Nessa correlação de forças, medida entre o poder e a sociedade, inicia-se um processo de enfrentamento que leva o regime a se desviar do autoritarismo apenas – histórico na política brasileira – para uma compleição fascistizante. Chega-se a 1968 com o evidente embate entre as forças vencidas de 1964, acrescidas de uma juventude inspirada por acontecimentos mundiais de lutas libertárias de vários matizes, e o regime. Instala-se o terror do AI-5 e dos porões. Supressão das liberdades, prisões, torturas, mortes e desaparecimentos, eis o saldo macabro. As marcas, como nos traumas individuais, estão até hoje visíveis no corpo e na alma da nação.
 
Há uma lição a ser tomada. O golpe civil-militar de 1964 não foi uma invenção extraordinária das Forças Armadas. Importa que o debate em torno do tema não cesse nunca, com a compreensão da existência dessa aliança civil-militar para impor ao Brasil um regime perverso. As últimas investigações da Comissão Nacional da Verdade nos revelam também a aliança financeira de grupos civis, inclusive empresas, com segmentos terroristas das Forças Armadas que operaram DOI-Codis, Cenimar, Cisa e outros centros de tortura. Muito ainda está por surgir, jogando mais luzes sobre a história.

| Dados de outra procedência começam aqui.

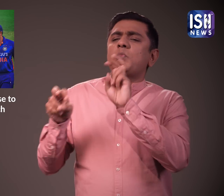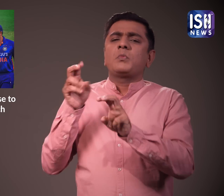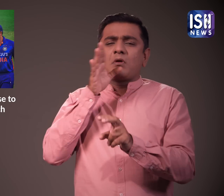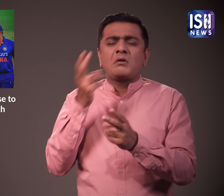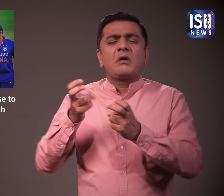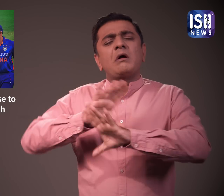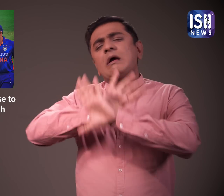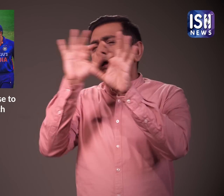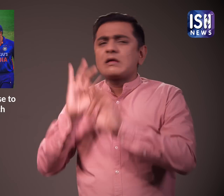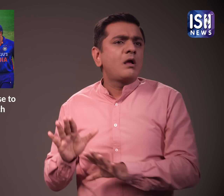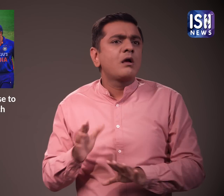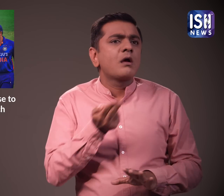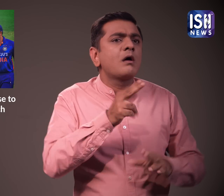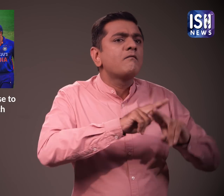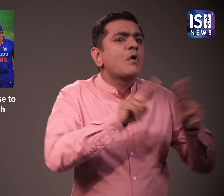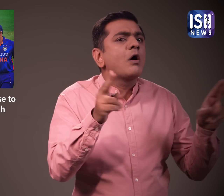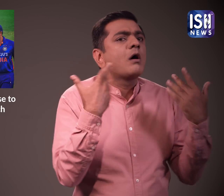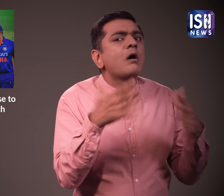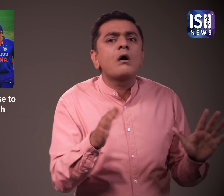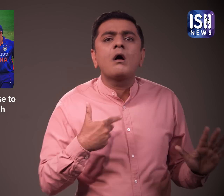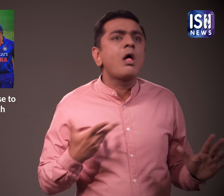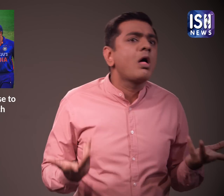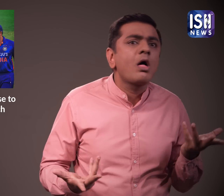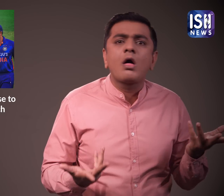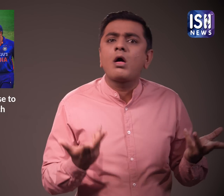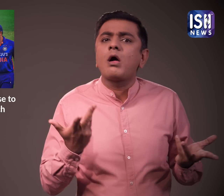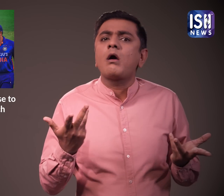मैच के टिकेट नहीं मिले तो होटल बुकिंग बेकार हो जाएगी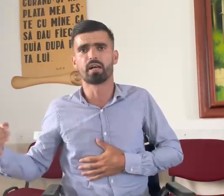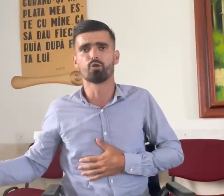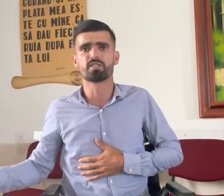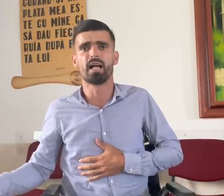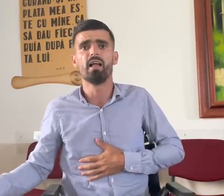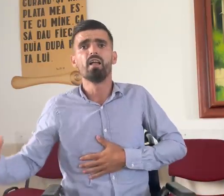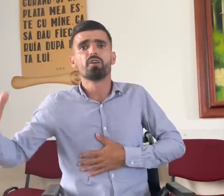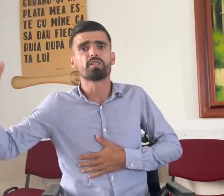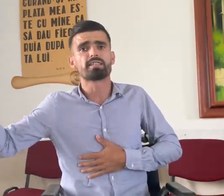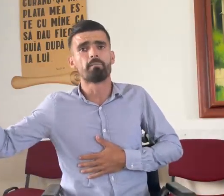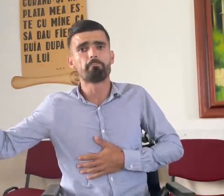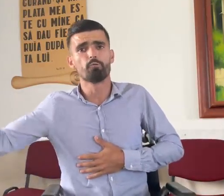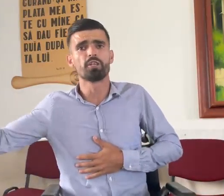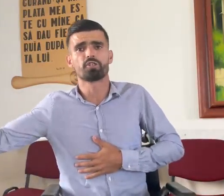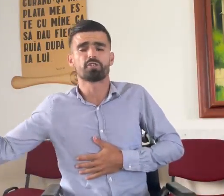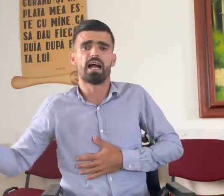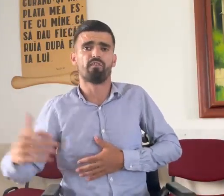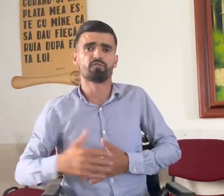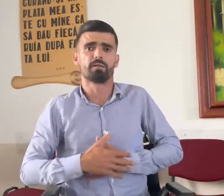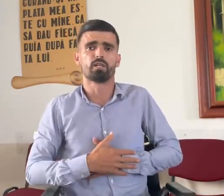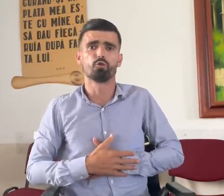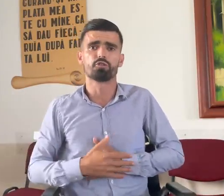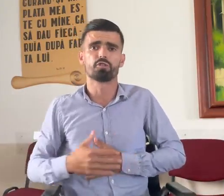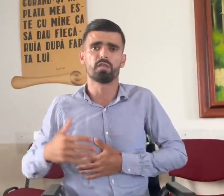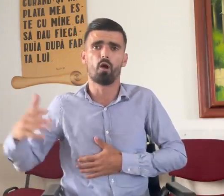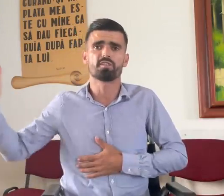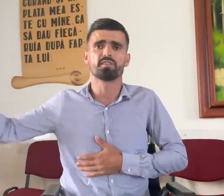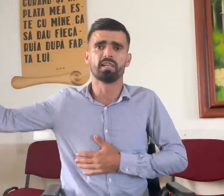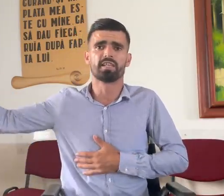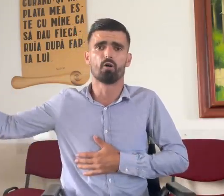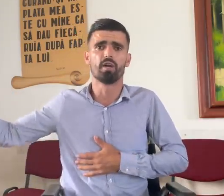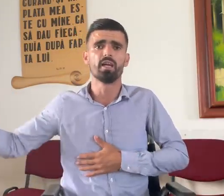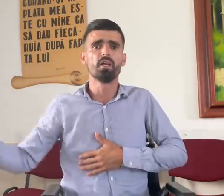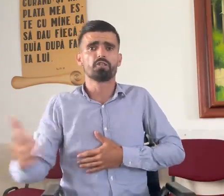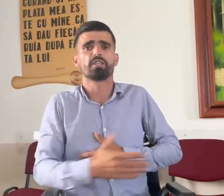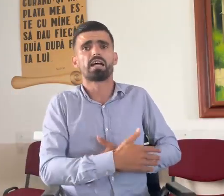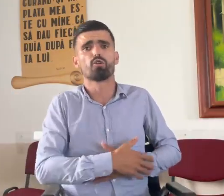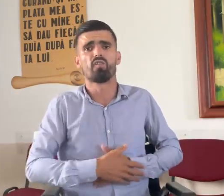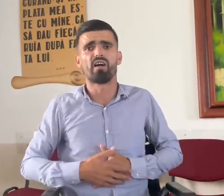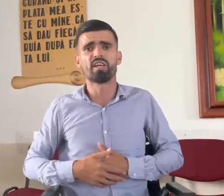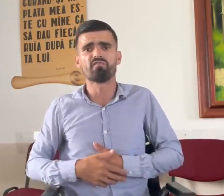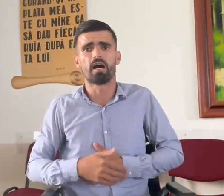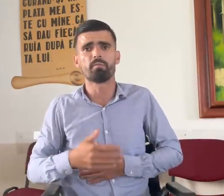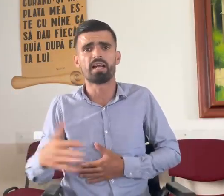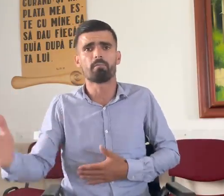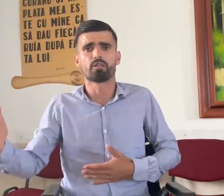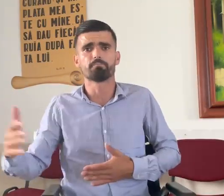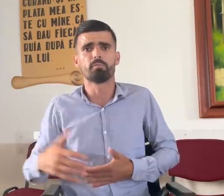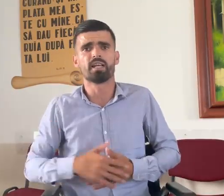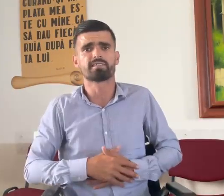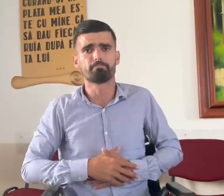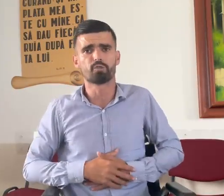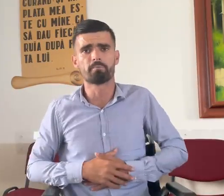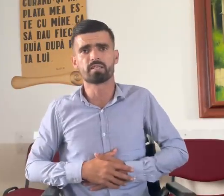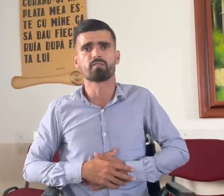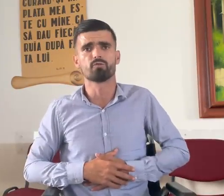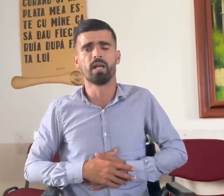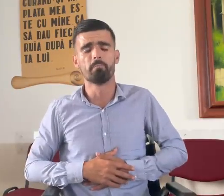căruță și să mă pui în ștraf, să mă duci la o stână de oi și de acolo va veni familia mea după mine să putem să sunăm,

Avancemos, portanto, na pesquisa, façamos debates em nossas entidades – a OAB, no particular, tem muito a contribuir –, levemos aos jovens os fatos e as suas múltiplas possibilidades de interpretação. É uma das formas de não se permitir que o passado, como prevenia Hobsbawm, seja inventado, controlado pelo presente, e que a história não seja alterada “para servir aos interesses de alguns poucos grupos”.